TASK DESCRIPTION:
Write out all records as given; omit images.

# # #

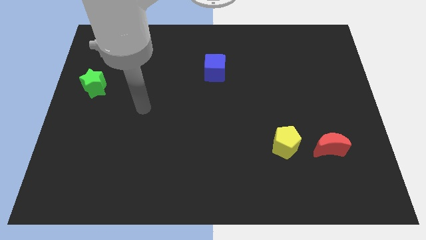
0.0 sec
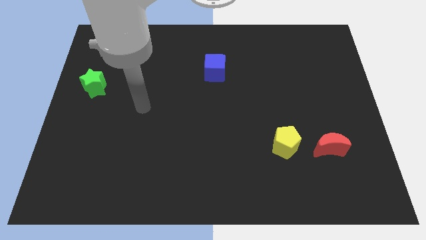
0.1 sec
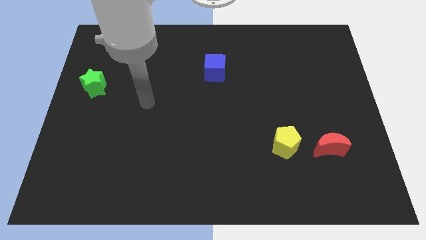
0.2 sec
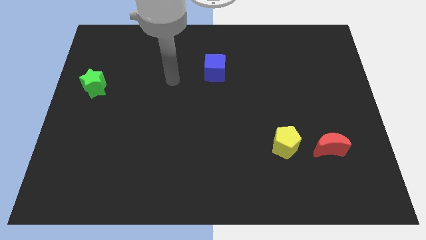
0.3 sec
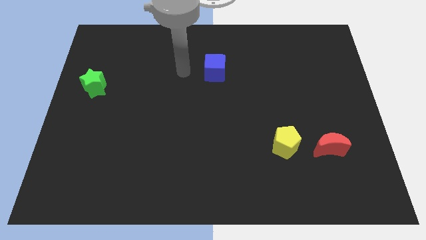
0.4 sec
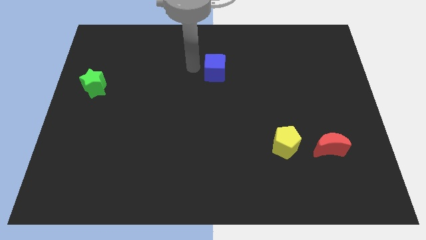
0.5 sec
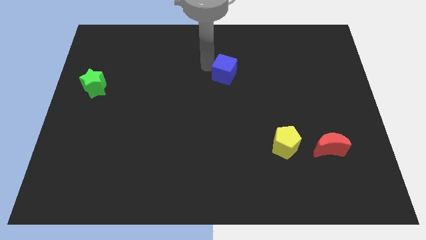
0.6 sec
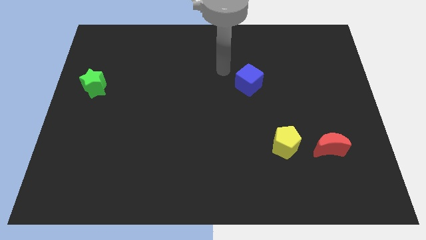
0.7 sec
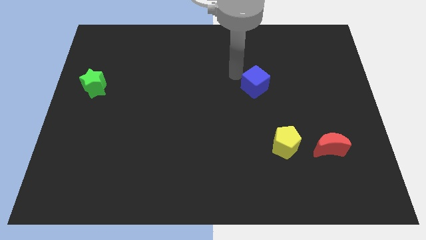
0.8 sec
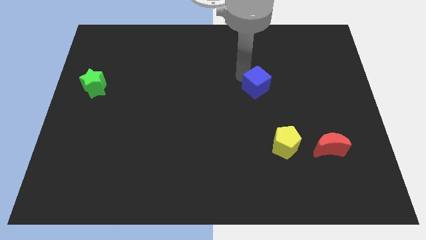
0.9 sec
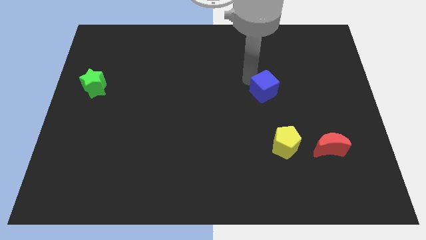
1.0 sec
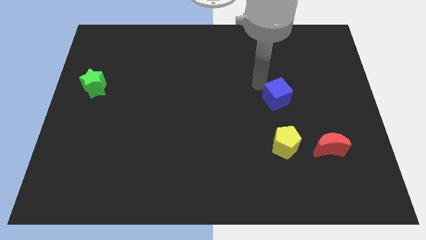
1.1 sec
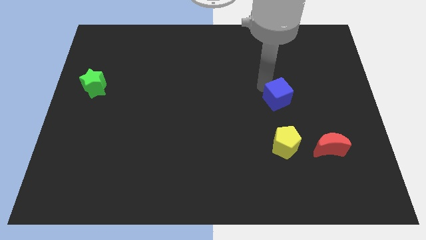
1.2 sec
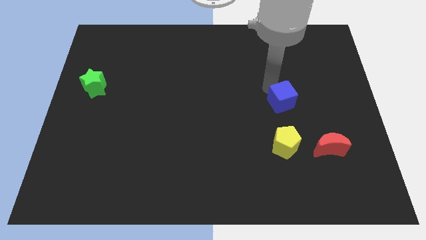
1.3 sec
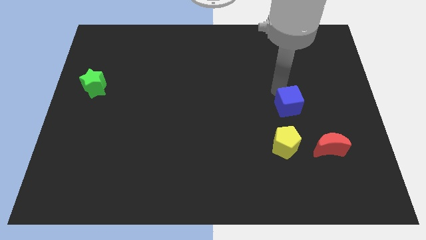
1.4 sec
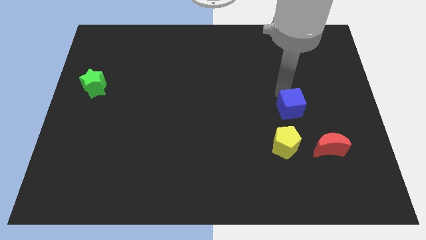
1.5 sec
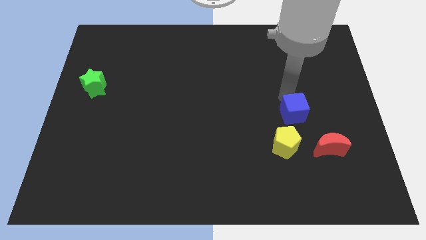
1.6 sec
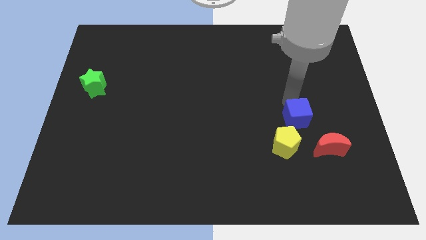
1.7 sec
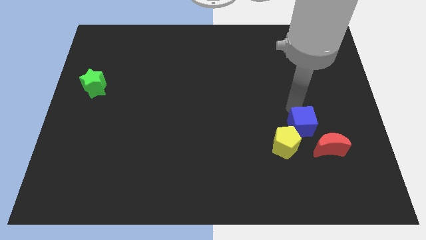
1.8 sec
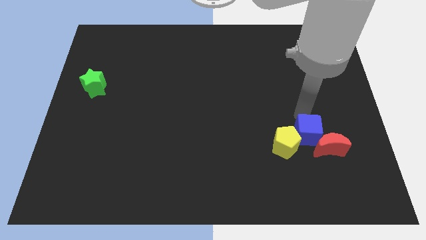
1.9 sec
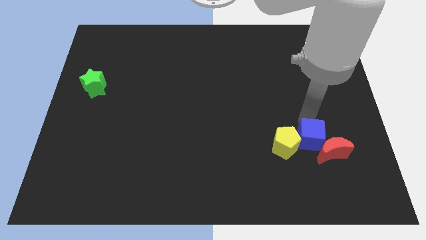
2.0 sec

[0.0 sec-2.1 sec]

# # #

RESPONSE:
0.0 sec
0.1 sec
0.2 sec
0.3 sec
0.4 sec
0.5 sec
0.6 sec
0.7 sec
0.8 sec
0.9 sec
1.0 sec
1.1 sec
1.2 sec
1.3 sec
1.4 sec
1.5 sec
1.6 sec
1.7 sec
1.8 sec
1.9 sec
2.0 sec

[0.0 sec-2.1 sec]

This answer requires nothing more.